17 Nisan 2015 Cuma

Alize & Poyraz 15. Bölüm

Alize, önce sesi tanıdı. Ama “O” olamaz, dedi. ‘Ben yaşlı birisi ile görüşeceğim’. Bu rastlantının iğne deliğini de geçerdi. Geçmezdi! Çünkü Kurter Holding adını ilk kez Aslı’nın düğününde duymuştu. Bunu nasıl anımsayamadığına hayıflanıyordu. Hiç olmazsa bu randevuya daha hazırlıklı gelmiş olurdu. Yine de o ise, ‘elini sıkmamayı’ düşündü. Aslı'nın düğününde kendisine yaptığını yapmak istiyordu. Elbette tüm bunları bir yana bıraktı.
Yavaşça fincanı yanındaki masaya bıraktı ve sesin sahibine döndü. Yanılmamıştı. Karşısında gri gözlüsü duruyordu. Üstelik onda da şaşırmış bir ifade yoktu. Kendisini burada görmek normal miydi?
“Merhaba. Manzaraya değil arabalara gülüyordum. Ve sanırım sizinle daha önce karşılaştık. Sina Bey mi?” 
Poyraz, odanın dışında bir an durup içeriye öyle girmişti. Alize'yi hemen tanımıştı. O duruşu, o saçları nerede olsa tanırdı artık! Poyraz, bu karşılaşmadan çok memnun olduğunu hissediyordu. Bir daha nerede nasıl göreceğini bilmediği kehribar gözlüye rastlamıştı. Elbette ikinci düşüncesi, kocasının bu görüşmeden kendisi kadar memnun olmayacağı idi. Üstelik bu güzel bayan, kendileri ile görüşmeye gelirken hiçbir ön bilgiye sahip olmadan gelmişti! İlginçti. İsmet amca, bacaklarının güzelliği ile personel alıyorsa, vay o derginin haline, diye düşünüyordu. Elbette bunları düşünürken o beğendiği bacakların yazlık bol bir pantolonun içinde gizli olmasının hiç önemi yoktu. Çünkü plajdaki hali, hâlâ gözlerinin önündeydi. Kendisini ayıplamayı sonraya bırakıp anın tadını çıkartmaya karar verdi.
“Sina, babamın adı! Ben, Poyraz Kurt! Evet, ortak bir tanıdığımızın düğününde karşılaşmıştık.” Sesi içindekileri asla yansıtmıyordu. Soğuk ve mesafeliydi.

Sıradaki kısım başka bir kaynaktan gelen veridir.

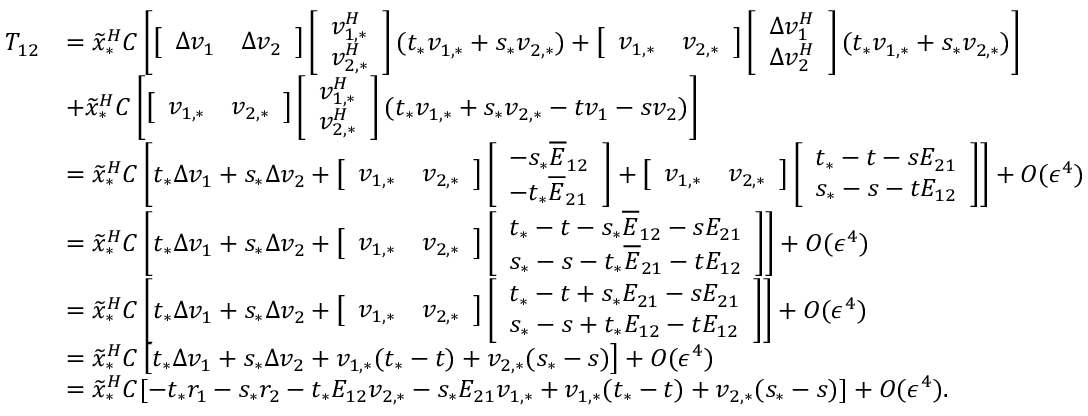
\begin{array} { r l } { T _ { 1 2 } } & { = \widetilde { x } _ { * } ^ { H } C \left[ \left[ \begin{array} { l l } { \Delta v _ { 1 } } & { \Delta v _ { 2 } } \end{array} \right] \left[ \begin{array} { l } { v _ { 1 , * } ^ { H } } \\ { v _ { 2 , * } ^ { H } } \end{array} \right] ( t _ { * } v _ { 1 , * } + s _ { * } v _ { 2 , * } ) + \left[ \begin{array} { l l } { v _ { 1 , * } } & { v _ { 2 , * } } \end{array} \right] \left[ \begin{array} { l } { \Delta v _ { 1 } ^ { H } } \\ { \Delta v _ { 2 } ^ { H } } \end{array} \right] ( t _ { * } v _ { 1 , * } + s _ { * } v _ { 2 , * } ) \right] } \\ & { + \widetilde { x } _ { * } ^ { H } C \left[ \left[ \begin{array} { l l } { v _ { 1 , * } } & { v _ { 2 , * } } \end{array} \right] \left[ \begin{array} { l } { v _ { 1 , * } ^ { H } } \\ { v _ { 2 , * } ^ { H } } \end{array} \right] ( t _ { * } v _ { 1 , * } + s _ { * } v _ { 2 , * } - t v _ { 1 } - s v _ { 2 } ) \right] } \\ & { = \widetilde { x } _ { * } ^ { H } C \left[ t _ { * } \Delta v _ { 1 } + s _ { * } \Delta v _ { 2 } + \left[ \begin{array} { l l } { v _ { 1 , * } } & { v _ { 2 , * } } \end{array} \right] \left[ \begin{array} { l } { - s _ { * } \overline { { E } } _ { 1 2 } } \\ { - t _ { * } \overline { { E } } _ { 2 1 } } \end{array} \right] + \left[ \begin{array} { l l } { v _ { 1 , * } } & { v _ { 2 , * } } \end{array} \right] \left[ \begin{array} { l } { t _ { * } - t - s E _ { 2 1 } } \\ { s _ { * } - s - t E _ { 1 2 } } \end{array} \right] \right] + O ( \epsilon ^ { 4 } ) } \\ & { = \widetilde { x } _ { * } ^ { H } C \left[ t _ { * } \Delta v _ { 1 } + s _ { * } \Delta v _ { 2 } + \left[ \begin{array} { l l } { v _ { 1 , * } } & { v _ { 2 , * } } \end{array} \right] \left[ \begin{array} { l } { t _ { * } - t - s _ { * } \overline { { E } } _ { 1 2 } - s E _ { 2 1 } } \\ { s _ { * } - s - t _ { * } \overline { { E } } _ { 2 1 } - t E _ { 1 2 } } \end{array} \right] \right] + O ( \epsilon ^ { 4 } ) } \\ & { = \widetilde { x } _ { * } ^ { H } C \left[ t _ { * } \Delta v _ { 1 } + s _ { * } \Delta v _ { 2 } + \left[ \begin{array} { l l } { v _ { 1 , * } } & { v _ { 2 , * } } \end{array} \right] \left[ \begin{array} { l } { t _ { * } - t + s _ { * } E _ { 2 1 } - s E _ { 2 1 } } \\ { s _ { * } - s + t _ { * } E _ { 1 2 } - t E _ { 1 2 } } \end{array} \right] \right] + O ( \epsilon ^ { 4 } ) } \\ & { = \widetilde { x } _ { * } ^ { H } C \left[ t _ { * } \Delta v _ { 1 } + s _ { * } \Delta v _ { 2 } + v _ { 1 , * } ( t _ { * } - t ) + v _ { 2 , * } ( s _ { * } - s ) \right] + O ( \epsilon ^ { 4 } ) } \\ & { = \widetilde { x } _ { * } ^ { H } C [ - t _ { * } r _ { 1 } - s _ { * } r _ { 2 } - t _ { * } E _ { 1 2 } v _ { 2 , * } - s _ { * } E _ { 2 1 } v _ { 1 , * } + v _ { 1 , * } ( t _ { * } - t ) + v _ { 2 , * } ( s _ { * } - s ) ] + O ( \epsilon ^ { 4 } ) . } \end{array}

“Alize Başar. Memnun oldum.” Aynı şekilde yanıtlamıştı. Soğuk ve mesafeli! Az önceki gülen yüzden ve neşeli sesten eser kalmamıştı.
“Memnun oldum.” Demiş ve kısa ama sert bir şekilde elini sıkmıştı. Her ikisi de o düğünden önce de birbirlerini gördüklerini söylemek istememişti. Sanki geçmişi anmak şu an içinde bulundukları durumu yadsımak olacaktı. Artık o günleri konuşmak ikisi için de uygun değildi. Susmak en doğrusuydu.
‘Poyraz ve Alize!’ Ortak tarafları rüzgâr ismi olmalarıydı ama biri sert ve önüne kattığını yıkan bir rüzgârdı! Diğeri ise sıcak yumuşak ve aranılan bir rüzgârdı. Yani neredeyse taban tabana zıttı ikisi de. Ama ortak kararları sessizce almak ve uygulamak ikisinin de kendi içinde verdiği karardı. Birbirlerinin isimleri ile ilgili tek kelime etmemişti ikisi de. Tanışmanın ardından kısa sayılmayacak bir süre geçmiş ikisi de düşüncelerinden sıyrılamamıştı. Poyraz o ana dönen ilk kişi oldu.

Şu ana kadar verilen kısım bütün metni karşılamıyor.